Many hazardous wastes have been disposed of improperly during the years since the chemical age began. Some of these resulted from incomplete reactions at chemical manufacturing plants; others were isomeric or side-reaction products which were not suitable for use. Still others are compounds which had been manufactured and in use, but had been discovered to present a real or potential hazard to workers in the plants manufacturing them, to their users, or to people exposed to them. Little notice was paid these discarded materials until recently, when the magnitude of their quantity has made it a problem which can no longer be ignored. Many were buried in improperly secured landfills; some in open dumps; some simply left standing in drums; some dumped on the ground.
Some companies early in the "waste mangement" business charged generators for disposing of their wastes, and merely stockpiled them, without making any attempt to effect a proper, environmentally safe treatment or disposal. Thousands of these dumps are known to exist, and much attention is being given to methods of containment or disposal of their contents. More recently, much effort has gone into devising processes for their destruction or disposal.

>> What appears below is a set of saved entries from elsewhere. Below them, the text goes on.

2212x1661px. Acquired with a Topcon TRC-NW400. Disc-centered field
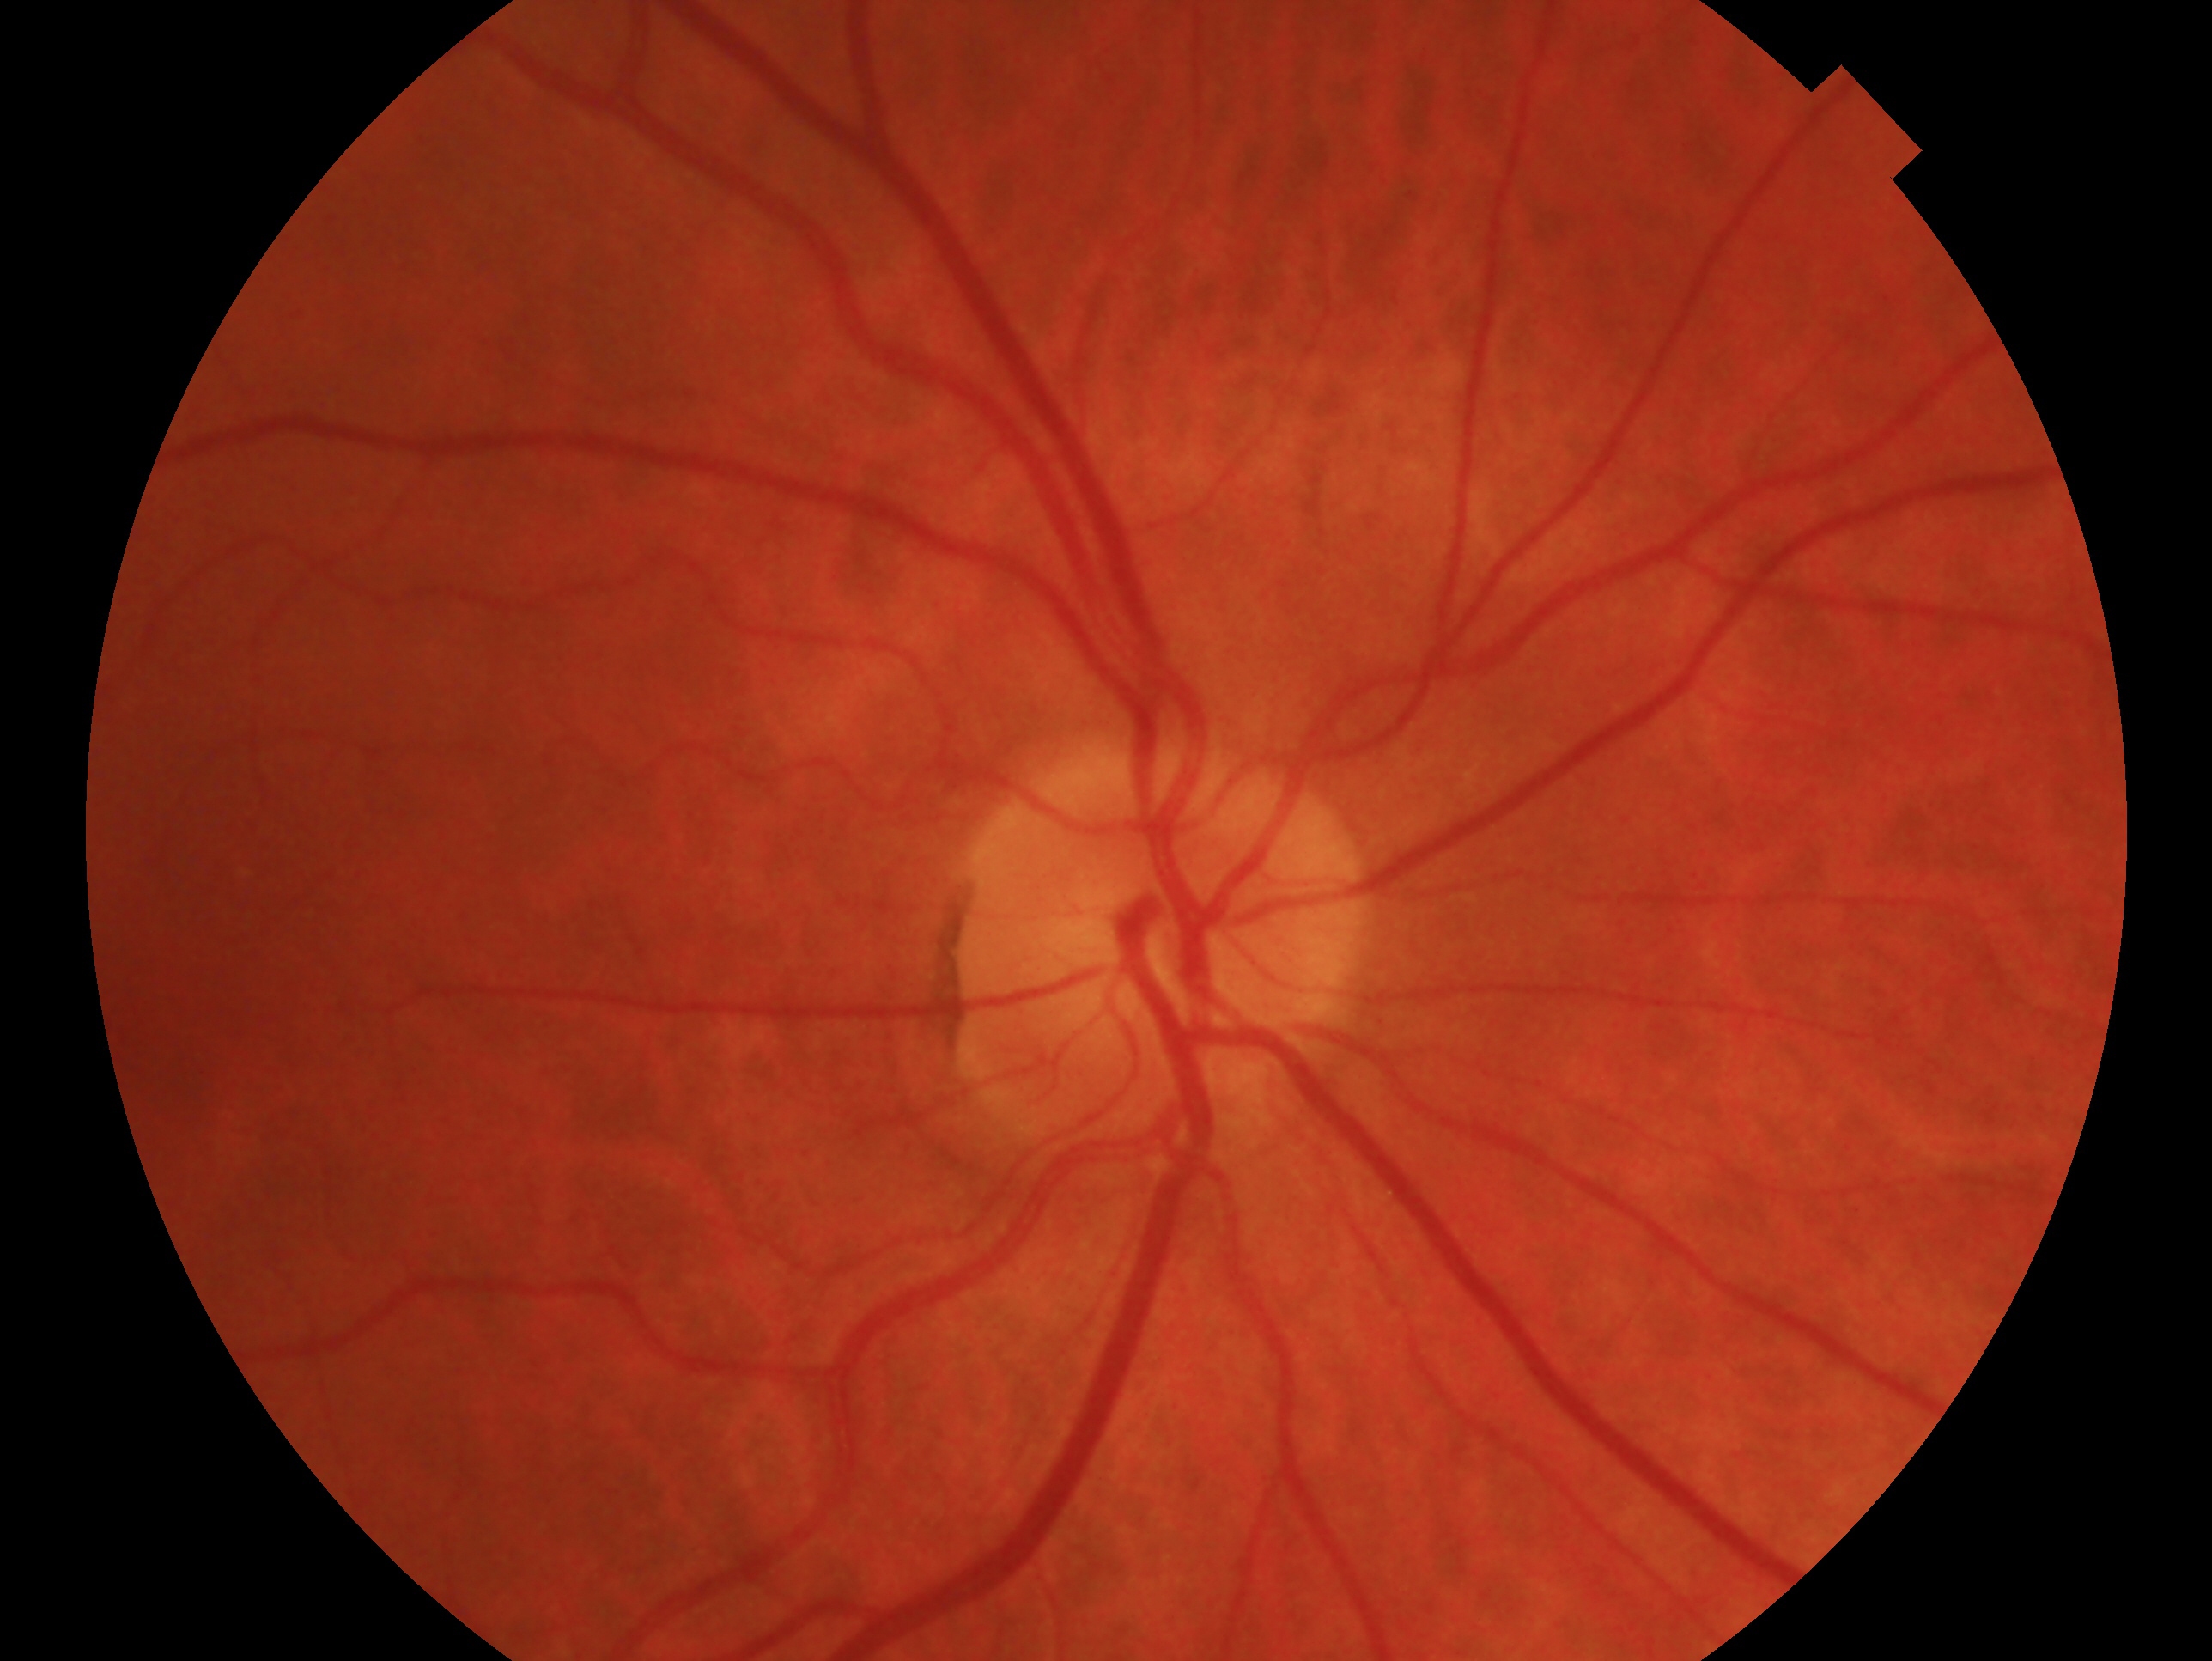 diagnosis=no glaucomatous findings | laterality=oculus dexter.
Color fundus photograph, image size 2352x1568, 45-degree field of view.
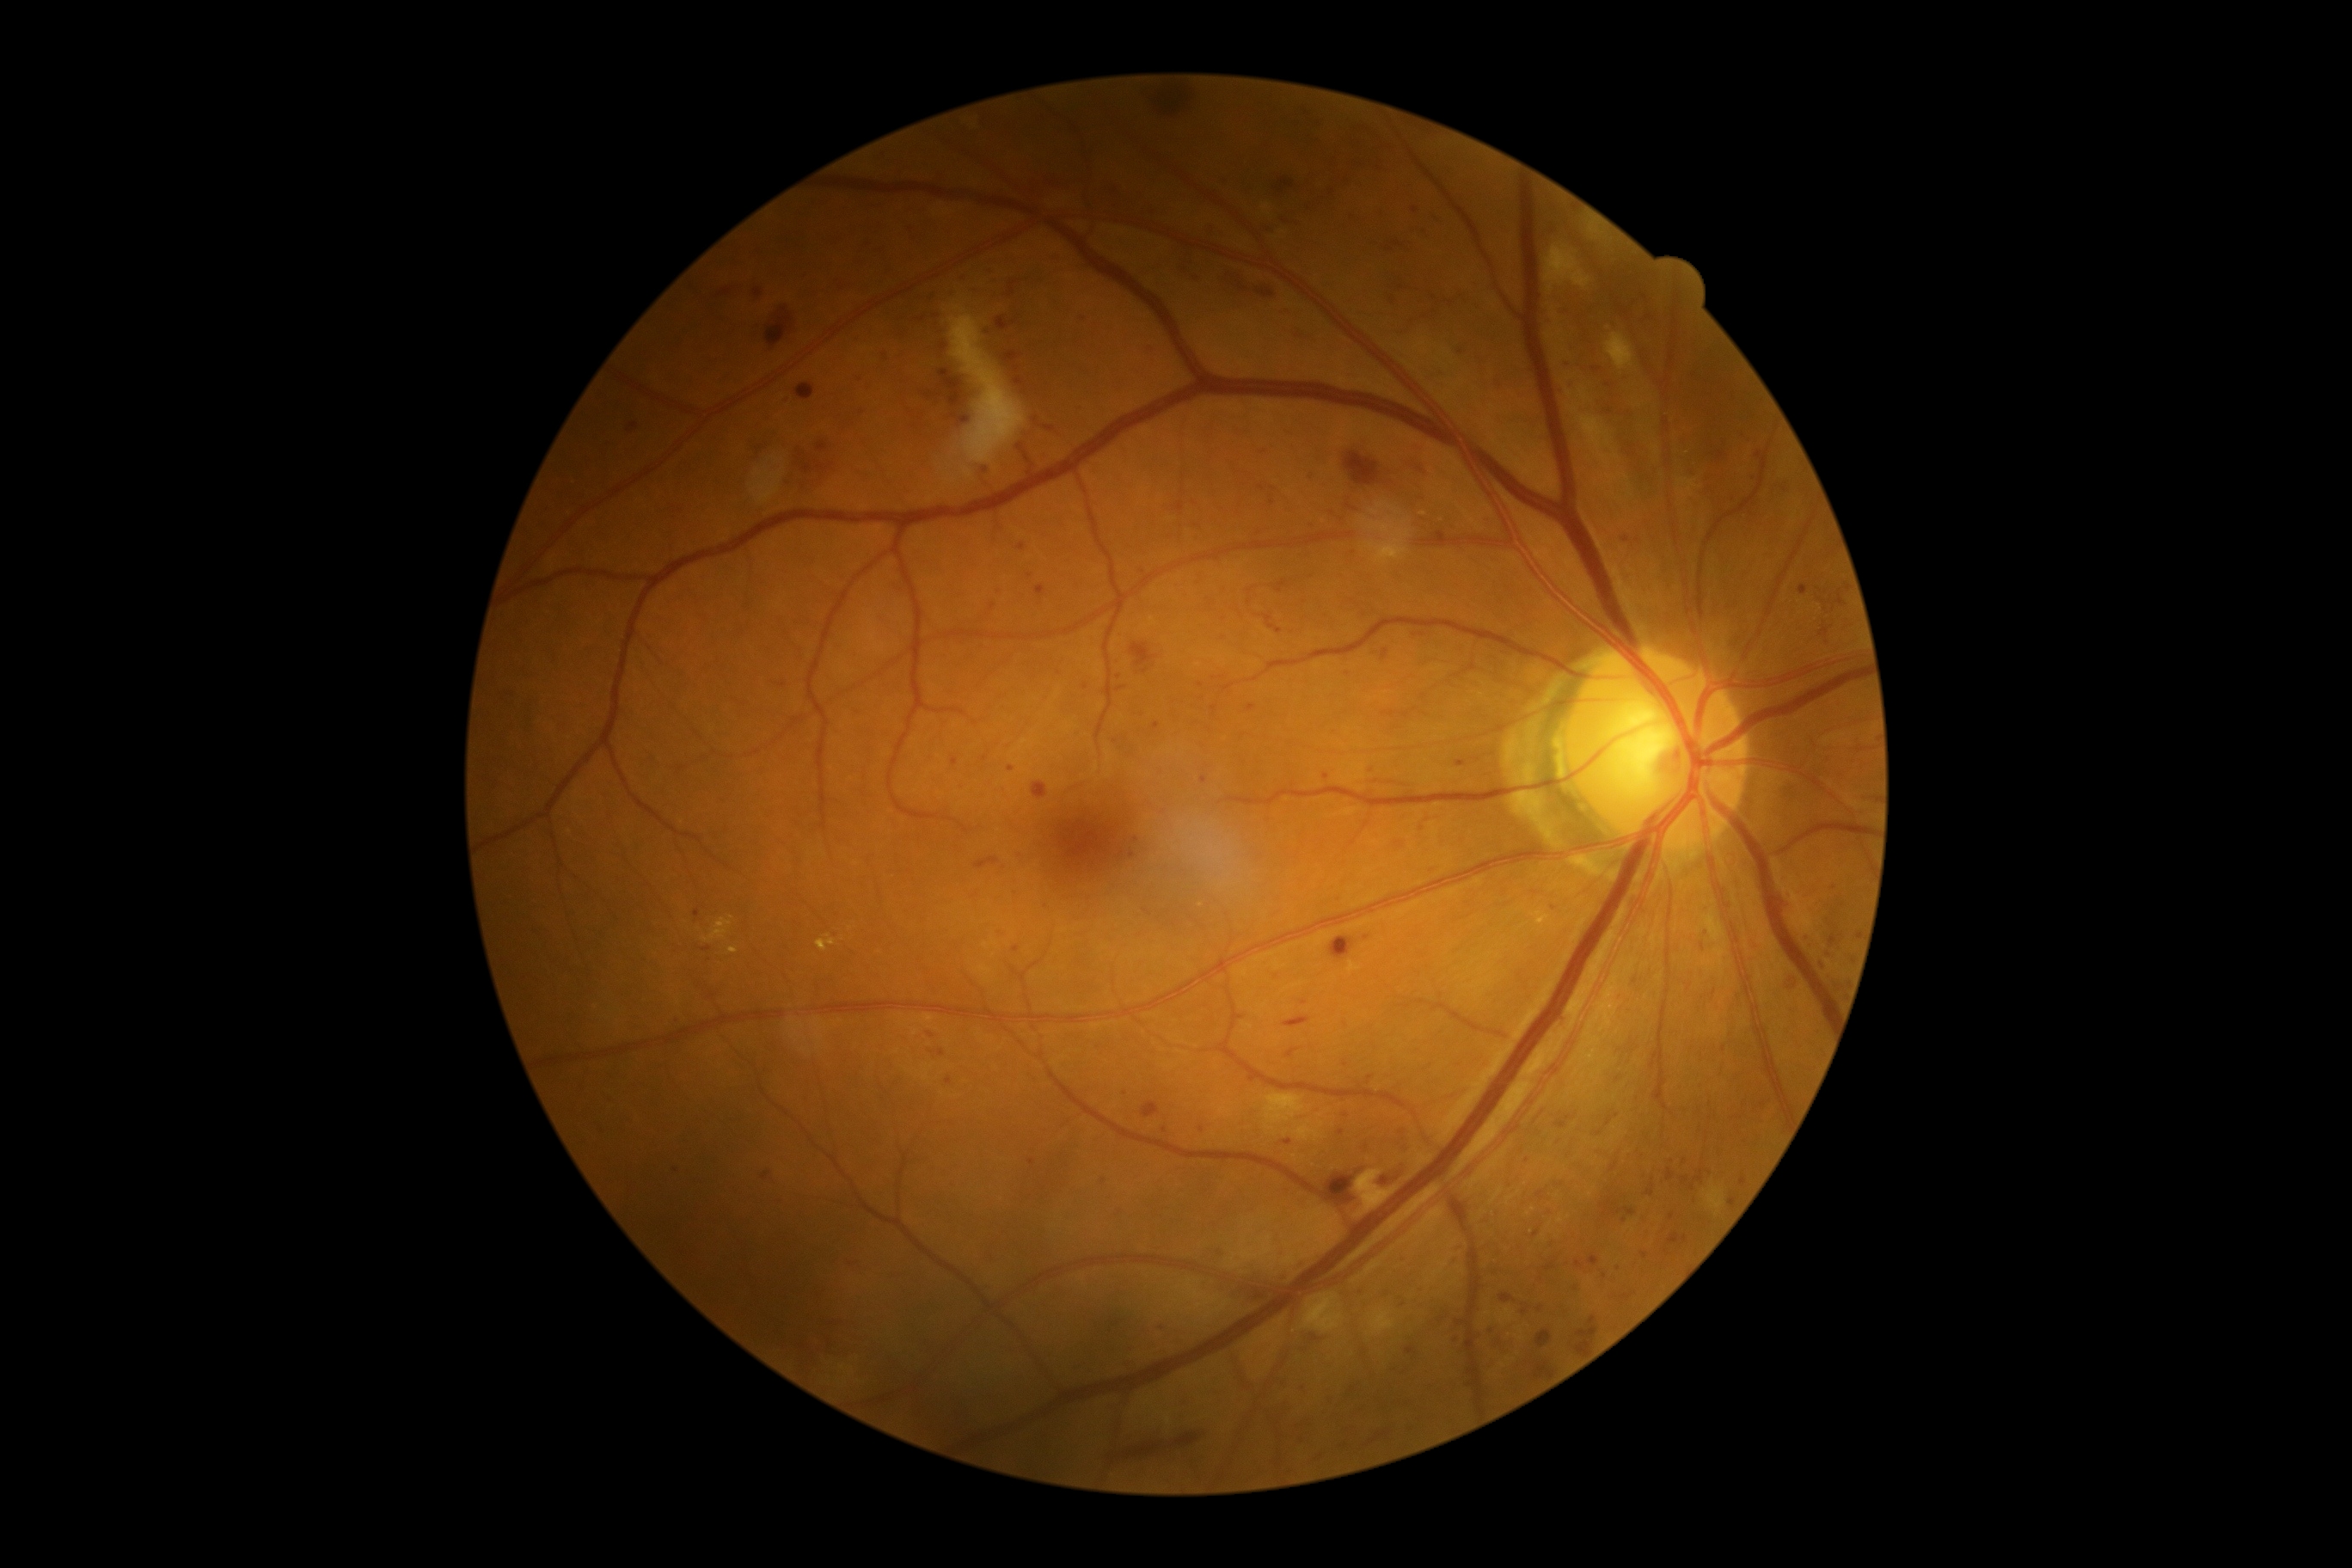

DR stage: 3/4.

Methods for their disposal include: secured landfills; incineration in lime or cement kilns; incineration in specially constructed incinerators designed to retain the combustion gases for long periods of time in order to insure complete oxidation; oxidation in molten salt baths which utilize the molten salt to retain the combustion products and maintain the high temperature necessary. Recently adopted processes involve reaction of polychlorinated biphenyls (PCB's) with a sodium alkyl, a process which has been in use for a long time as an analytical tool. This is a reductive process in which the sodium in the sodium alkyl abstracts the chlorine from the PCB molecule. This can result in addition of the alkyl to the biphenyl ring structure, or it may be done in a medium which can supply substituents to the fragments.
Sodium metal has also been applied to the analytical determination of organically bound halogens; reducing the covalently bound halogen and forming the negative halide ion.